AM: We’ll get into that a bit later in the conversation. So you mentioned some of the languages that have come through from a background of design modeling and some from software modeling. Coming back to Specman or Vera, as we mentioned they have evolved from about 15 years ago. However, we don’t see so much evolution anymore in those languages. Is it because they’ve gone through their maturity process and plateaued? Do you see any more room for improvement in some of those languages? Especially, if we compare it to, say, SystemVerilog, which seems to be still in its process of evolution.

JB: Okay… I think it would probably be better to mute the microphone right now because anything I say at this point is likely to lead me into the law courts (laughs). But we have to accept the fact that Vera and e, the Specman language, are both proprietary in the sense that they’re absolutely owned by one specific corporation. And that ownership brings its own benefits and its own drawbacks for users. It means that that corporation can do precisely what they want with the language. If they see an opportunity to do something exciting and new, they can do it, as they have no standardizing body to answer to. But on the other hand, it means that a user is basically locked into a single vendor. [Editor's note: The e language in fact has an IEEE standard (1647), but the vendor's implementation has consistently been a superset of that standard.]

So that’s clearly a real compromise for users. They will see new, cutting edge ideas getting into the language faster and perhaps more effectively than they might expect with a more standardized language. But they’ve got the fear of being locked into a single vendor. What do you do about that? I can’t comment on that. That’s a decision that individual users have to make for themselves.

I kind of take issue with you, about you suggesting there was some stagnation going on there.
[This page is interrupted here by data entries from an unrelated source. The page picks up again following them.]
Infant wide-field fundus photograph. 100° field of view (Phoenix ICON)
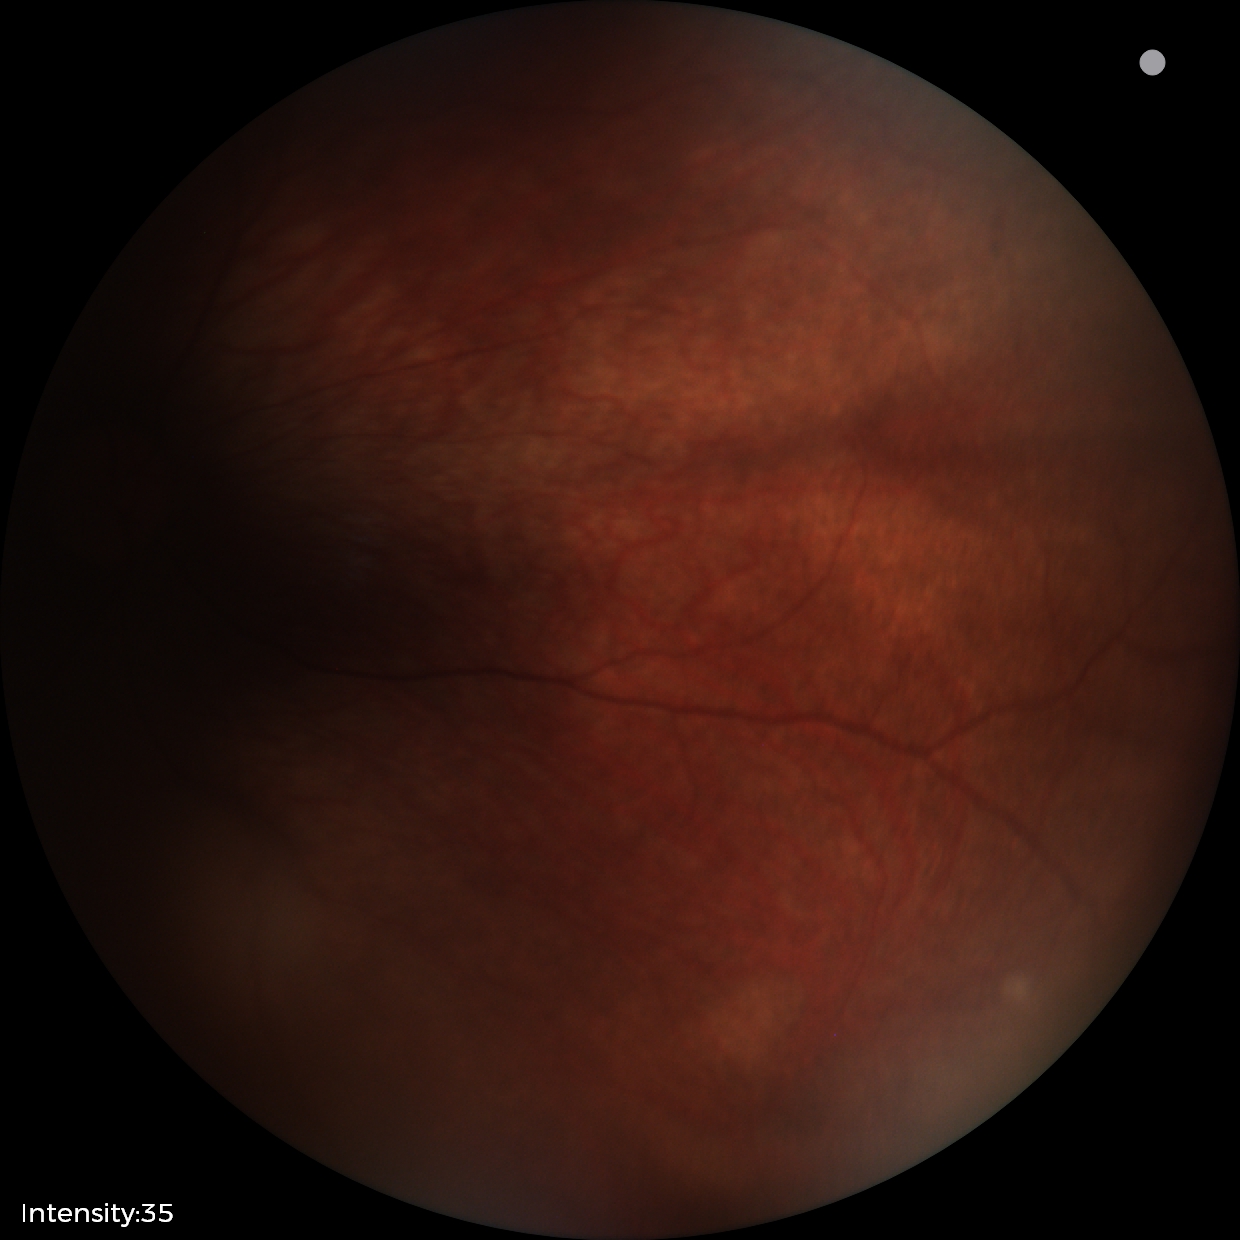 Screening diagnosis: retinal astrocytic hamartoma.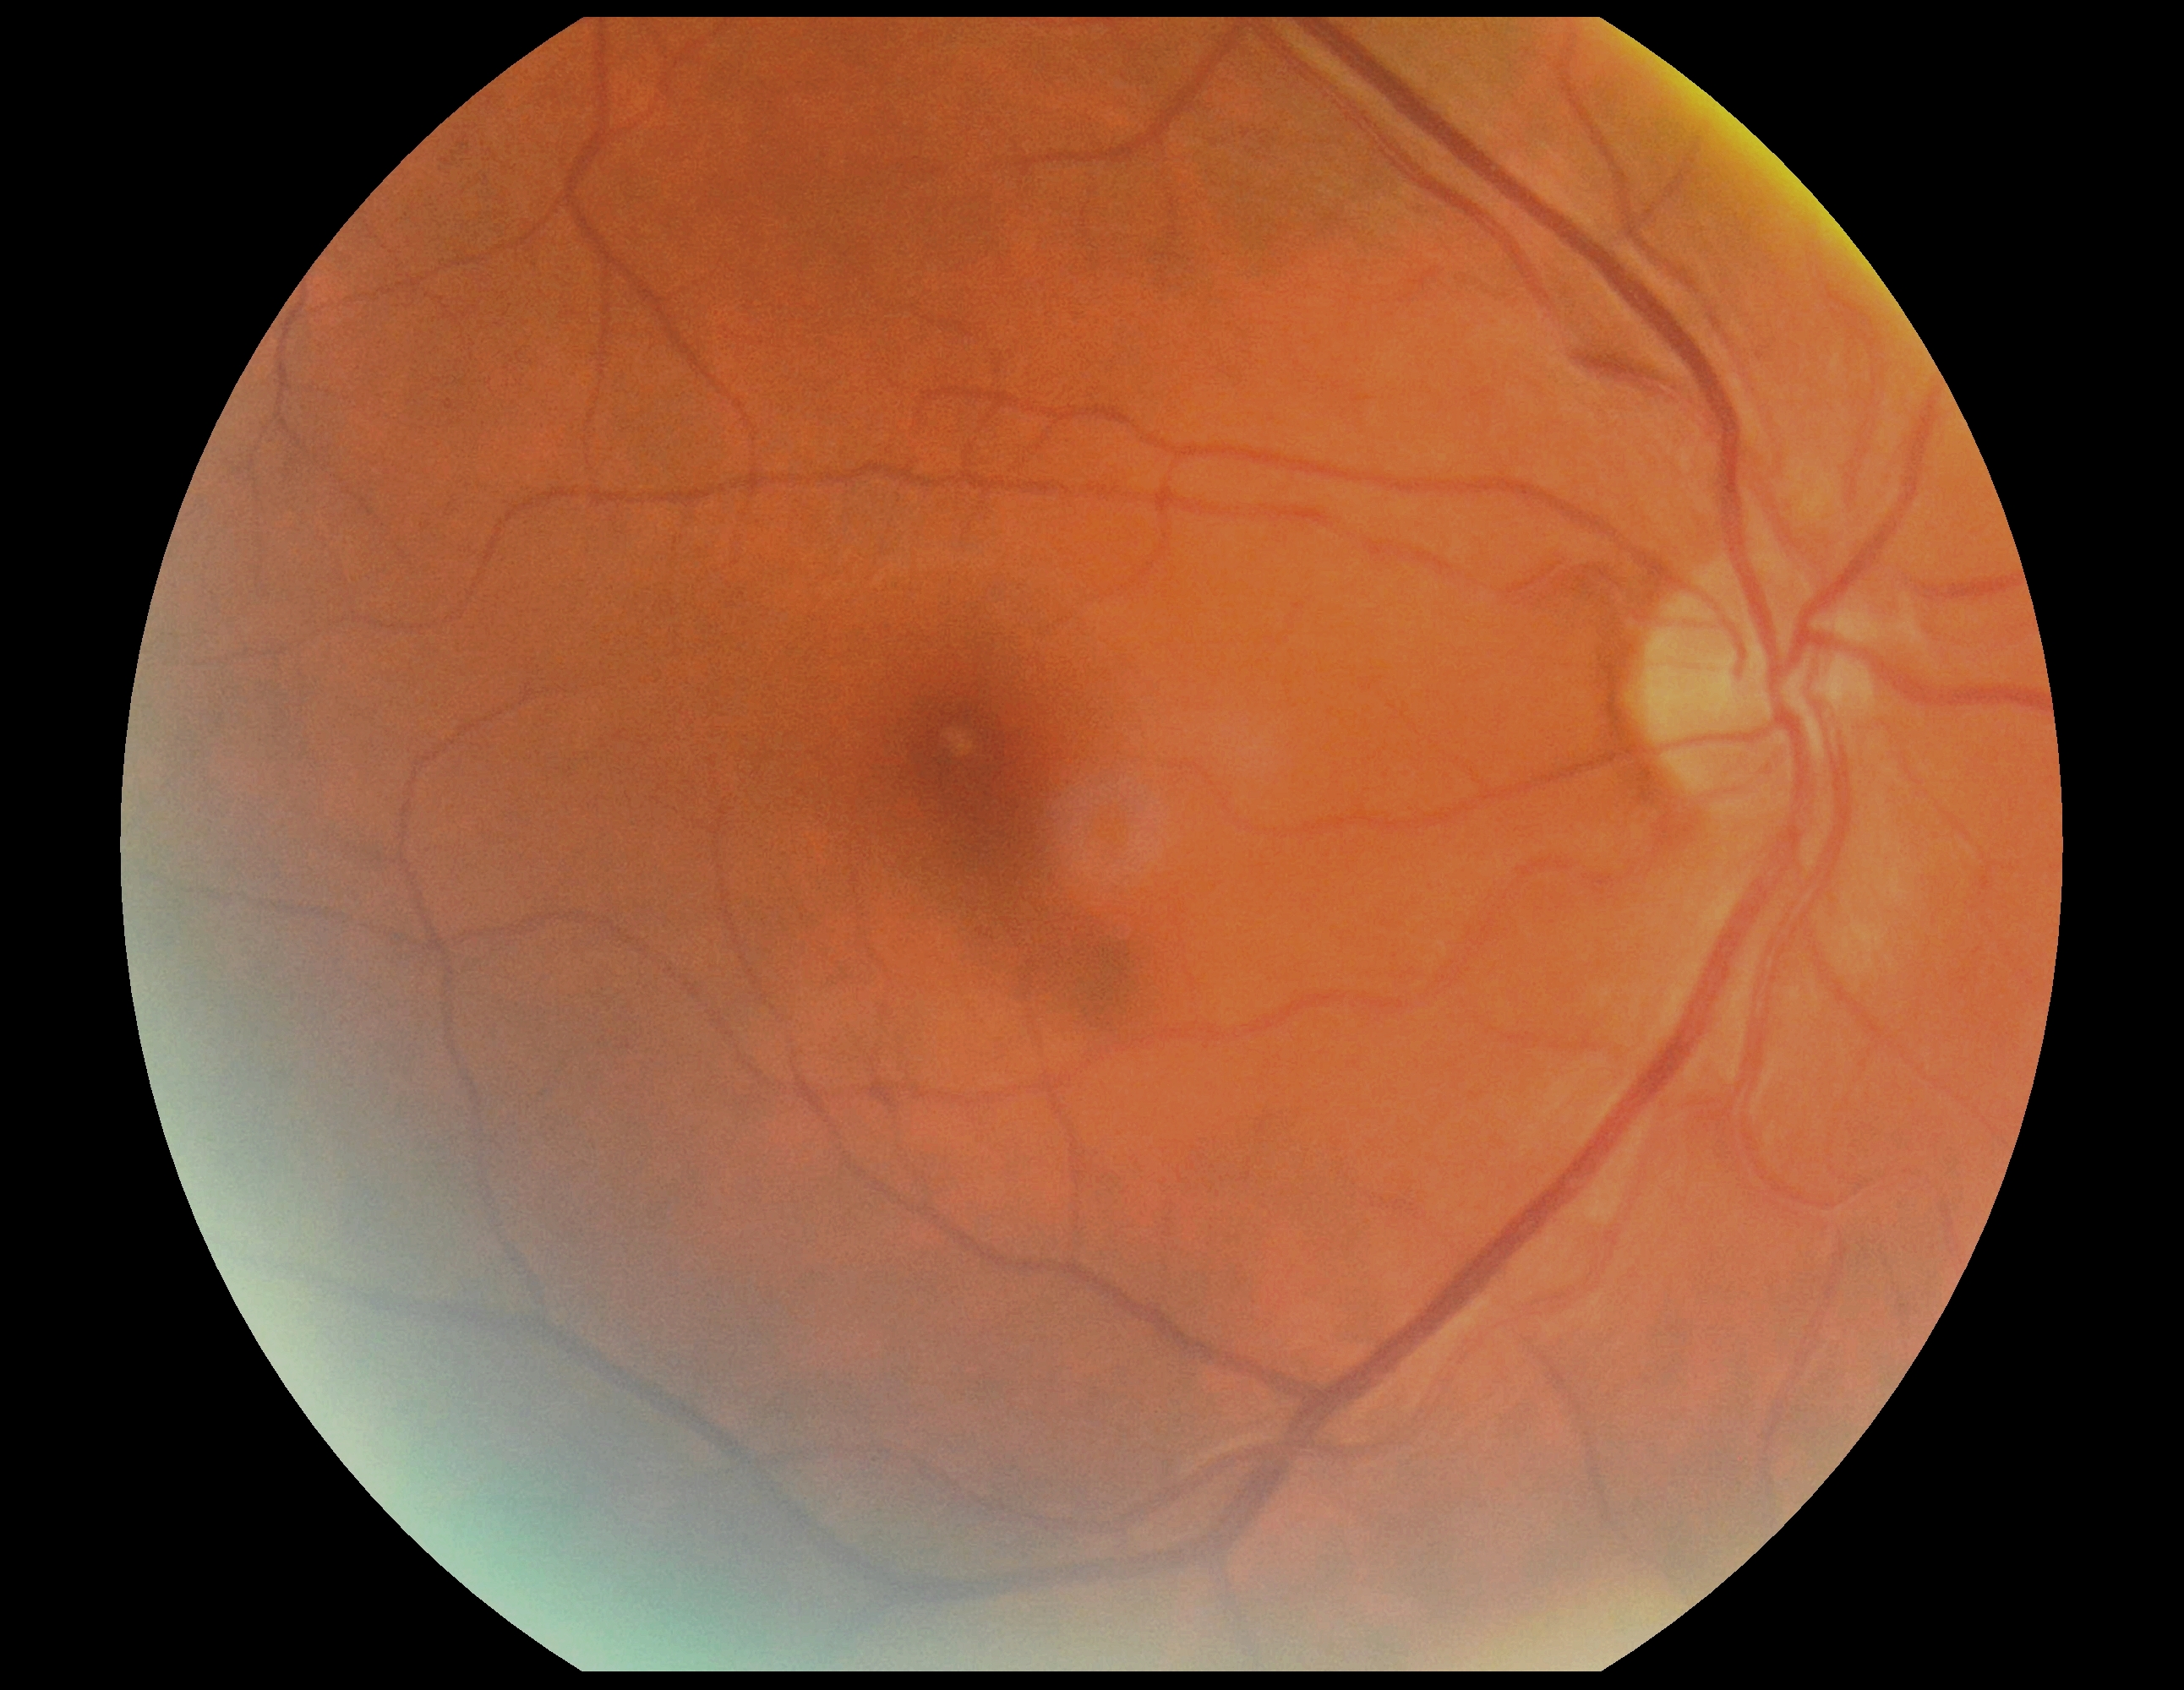
Retinopathy grade: 0.

I’m not sure it’s true because if you look at what’s happened to Specman, for example, over the last handful of years, it has had a process of steady development, cleaning up of raw edges, and general improvements. And it’s still heavily used by a significant user base. So is it stagnant? I’m not sure.

AM: Well, I agree that there has been a good, steady progression the past couple of years, but these changes have not been as ‘ground-breaking’ as the ones we were seeing about 10 or 15 years ago, when the language was still emerging in the industry. However, I think it’s natural for a new language to evolve very quickly initially and less quickly afterwards. I feel those languages have kind of matured. There’s always room for improvement, but I personally feel that they’ve reached a level of maturity whereas maybe the other languages are playing catch-up. It’s important that one must not confuse maturity of a language with the negative connotations of stagnation in its capabilities.

JB: Still, there’s a potential leading question going on there, isn’t there? Are you saying to me that Vera and e are now mature languages that are ready for prime-time use and SystemVerilog is not? Clearly, that’s not quite the situation. But equally, you’re right that there is a huge effort continuing in SystemVerilog to improve it and modify it and change it. And the standards committee is still active. It’s on the point right now of coming out with SystemVerilog – I was going to say 2012 but I’m not sure, it might end up being called SystemVerilog 2013 depending on precisely when it’s formally released. But anyway, there’s a new revision of the SystemVerilog standard coming out any day now. And then the standards committees will continue to work on the enhancement of SystemVerilog after that.